SANDRA M STANWAY
Brooks Bulletin
Royal Helium and its subsidiaries Royal Helium Exploration and Imperial Helium were granted an extension to file a proposal to restructure the company and address financial challenges as it works through its bankruptcy protection.
Last week an Ontario court granted the application to, among other things, extend the proposal to April 2 and to approve borrowing of up to US$1.5 million to finance the working capital requirements including $30,000 to regulatory consultant, $170,000 to the Saskatchewan ministry of energy and resources and $50,000 to the engineering design firm.”.
The filing also includes a stay of proceedings in favour of the company, allowing them to work with their proposal trustee Doane Grant Thornton to streamline operations and conduct a court-supervised sales process.
In January Royal Helium, et al filed for bankruptcy protection under Canada’s Bankruptcy and Insolvency Act.
According to court documents the three companies combined owe nearly $59 million including $62,270.98 to Brooks and area businesses and individuals, $19 million to the Business Development Bank of Canada (BDC) and the Canadian Western Bank.
Alberta’s ministry of agriculture is owed $69,831.15 and the provincial ministry of finance is owed $170,387.73.
An unidentified person who is familiar with the situation told The Bulletin he is owed nearly $40,000.

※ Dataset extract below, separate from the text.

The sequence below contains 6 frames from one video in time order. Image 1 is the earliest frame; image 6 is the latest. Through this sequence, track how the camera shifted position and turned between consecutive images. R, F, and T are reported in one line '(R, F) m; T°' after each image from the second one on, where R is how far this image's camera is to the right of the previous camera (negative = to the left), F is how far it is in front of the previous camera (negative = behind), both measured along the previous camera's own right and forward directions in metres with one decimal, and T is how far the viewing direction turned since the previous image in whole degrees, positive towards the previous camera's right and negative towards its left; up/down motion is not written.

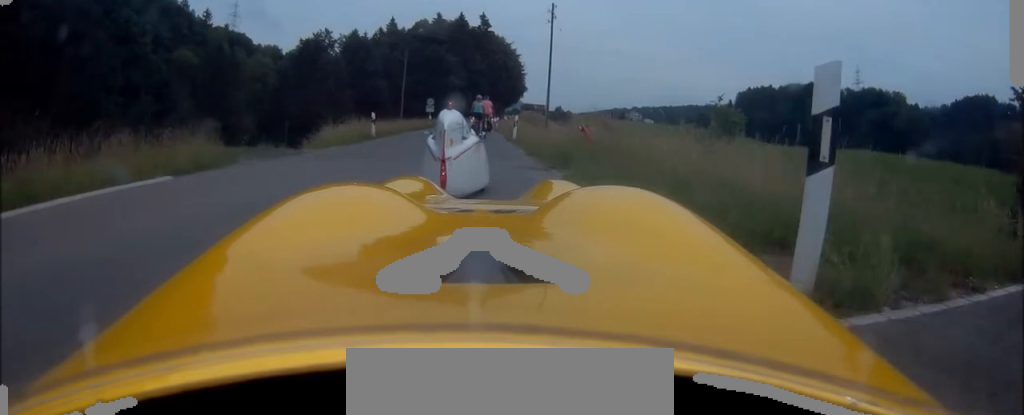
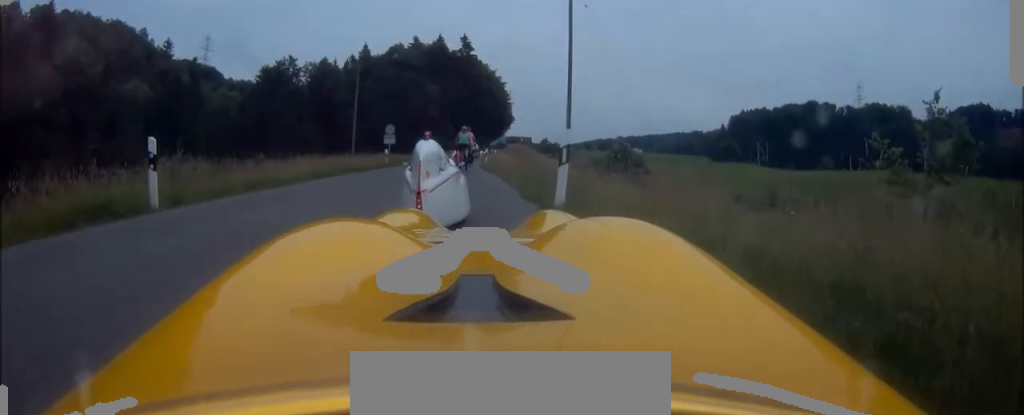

“If I get a nickel of the money it would be a bonus at this point.”
During the stay no proceedings can begin or continue against any of the directors or officers as the companies have some “necessary breathing room to execute upon a value-maximizing sale or recapitalization transaction for the benefit of the Applicants’ stakeholder,” states a court filing.
The company, which is based in Saskatoon, opened the Royal Helium plant in Steveville in December 2023 and operations were paused in September 2024 due to the expanding liquidity crisis arising from the commissioning challenges, CEO David Young said in his court affidavit.
Young said the major contributing factor to the liquidity crisis is the failed commissioning of the Steveville facility.
He noted that there was “significant and sustained” negative cash flow driven by direct and indirect contractor costs associated with commissioning the state-of-the-art helium purification facility.
Young, who took over as president in January 2024, terminated external contracts to avoid incurring further costs.
He stated that the facility was fabricated by a third party company who offered to commission the site at the cost of $2.7 million.
However, the senior leaders at the time believed they could commission it faster and more economically using their own employees and contractors.
“This turned out not to be the case,” he said.
The commissioning was “rife with challenges” and there were sustained excess costs and labour expenses as they tried to bring the facility’s performance up to a stable level.
In 2024, the facility produced 18 trailers of helium, achieving revenues of $2.3 million, however the cost of operating the plant vastly exceeded its revenues.
Adding to their problems, in December 2024 “millions of dollars” of equipment was stolen from the facility which eliminated Royal Helium, et al any chance to restructure the company.
“This assured that the facility could not be re-commissioned without significant cost and delay. As a result, with the liquidity constraints faced by the Applicants, plans to recommence operations at the Steveville Facility were no longer possible in the near term.”